Overhead lighting does not go deep enough in to the cavity. It can drift, create heat and shadows. Headlights bump each other and create shadows. They also can slip and are cumbersome.
Amico created the iCE LED surgical lighting system that "allows surgeons to effortlessly direct a precise light pattern into the surgical field while providing the ideal balance of shadow reduction and deep cavity illumination."
If you want to perform surgery well, you have to see what you are doing. Surgeon frustration increases with poor visibility.
6. Better Tissue Discrimination - Surgical lights that are both comfortable for the OR team and offer superior color rendition is a win for all.
Exceptional surgical lighting systems can offer better tissue discrimination with CRI of 95+. A color rendering index (CRI) is a "quantitative measure of the ability of a light source to reveal the colors of various objects faithfully in comparison with an ideal or natural light source."

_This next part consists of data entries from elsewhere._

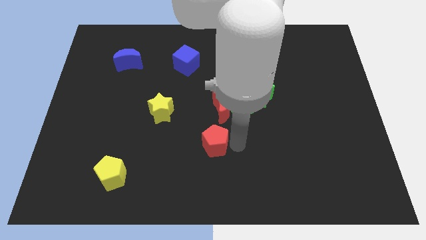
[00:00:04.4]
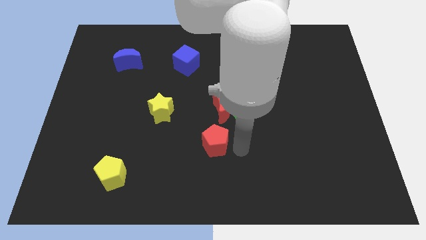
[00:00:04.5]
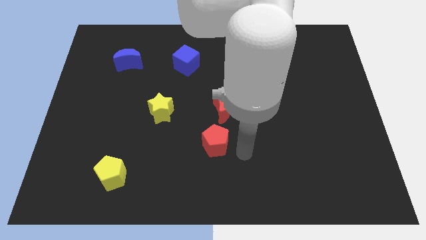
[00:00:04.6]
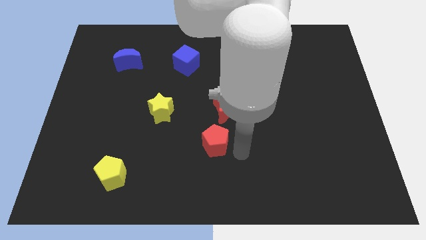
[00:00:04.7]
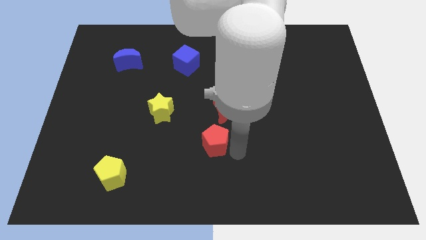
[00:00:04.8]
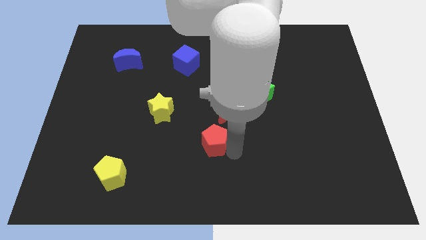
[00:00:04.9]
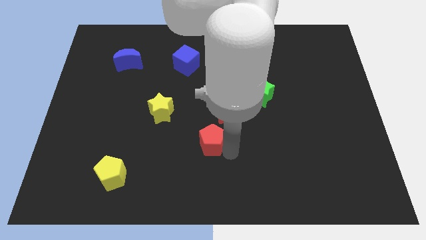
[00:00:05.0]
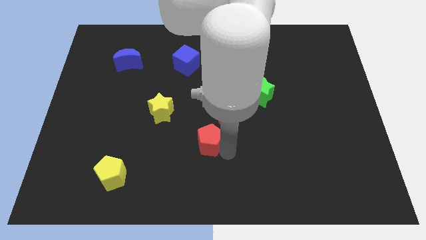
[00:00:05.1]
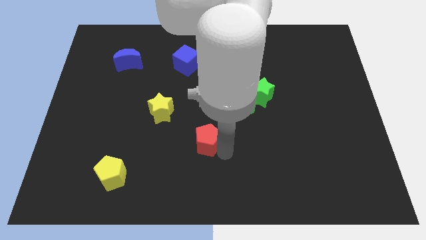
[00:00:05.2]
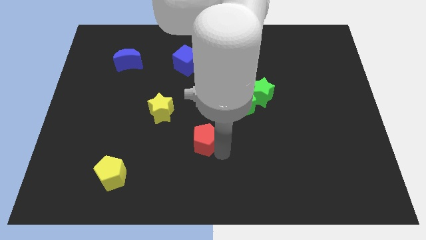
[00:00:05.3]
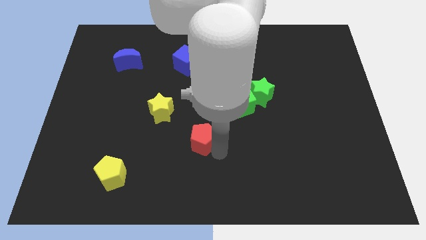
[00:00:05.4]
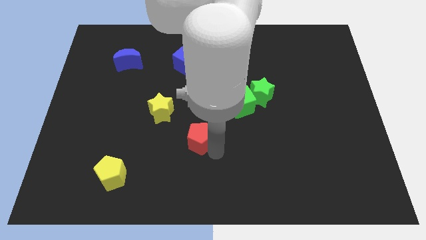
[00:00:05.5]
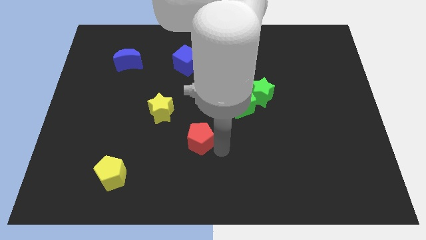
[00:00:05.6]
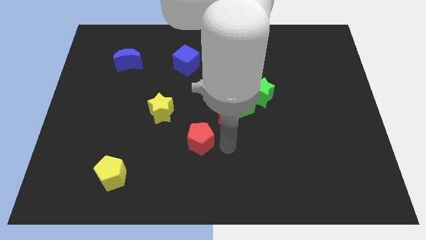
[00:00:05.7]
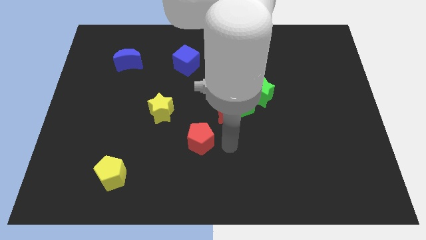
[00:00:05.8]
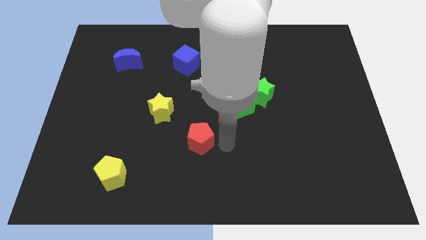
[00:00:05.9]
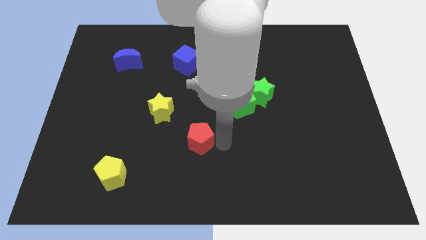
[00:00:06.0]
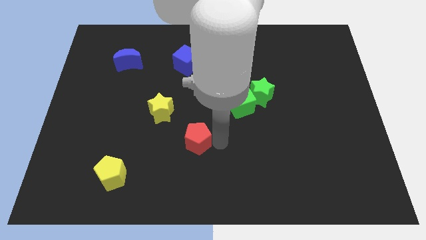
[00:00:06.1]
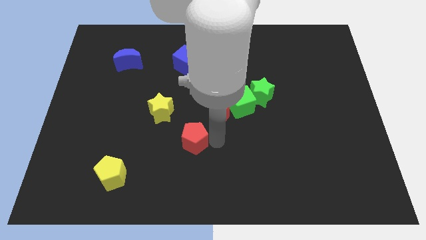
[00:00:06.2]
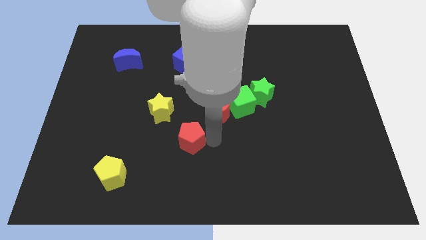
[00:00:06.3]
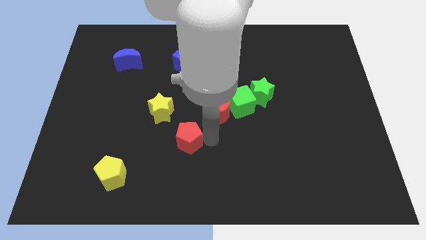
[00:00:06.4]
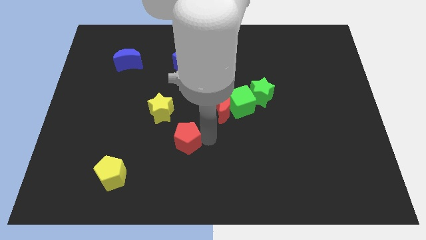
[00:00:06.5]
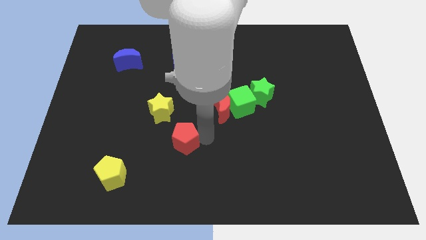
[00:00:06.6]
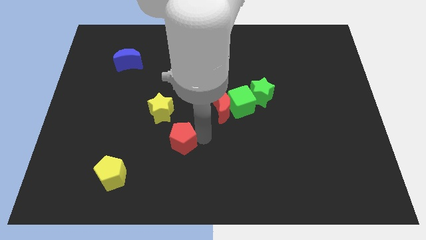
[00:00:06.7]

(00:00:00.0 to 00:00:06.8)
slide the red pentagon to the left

Simply stated, it is the measurement of light in relation to how it affects the appearance of color.
Light sources with a high CRI are desirable in color-critical applications such as neonatal care or operating rooms.
7. Reduce Eyestrain - Susan Cantrell, ELS said it best in: Shedding Light on What Surgeons Need.
"The best surgical light provides two things - the correct amount of illumination for the procedure and the right patch size. Brighter does not mean better. Too much [intensity] can fatigue the surgeon’s eyes and cause glare."
We concentrate on the quality of light versus the quantity of light.
8. Reduce Reflections, Glare and Poor Contrast - All types of ORs are incorporating various displays and monitors which can benefit from low levels of ambient illumination.
Clifford J. Yanke, Ph.D., Director, Healthcare Product Marketing at Kenall wrote: The Science Behind Properly Lighting an Operating Room. He further details, What is the "right amount of light for the OR and Why Green hue-- green-yellow or blue-green?"
9. Create an Operating Advantage for the OR Team - The ambient illumination should provide contrast with the displays and monitors to allow the OR team to view the monitors, perform tasks, and move about the room as needed.
Operating rooms are integrating a variety of technological advances which require proper lighting to be fully utilized.
Back to the question of how surgical lighting can be improved, when asked how Lumitex lighting technology compared to their current lighting equipment, surgeons agreed Lumitex is more effective.
The operating room is a demanding environment that requires precision, efficiency, communication, skilled surgeons and healthcare professionals and quality lighting.
Advances will continue as lighting choices and illumination becomes smarter in the ORs and medical field. Each step forward will make for a safe environment for both the patient and surgical team.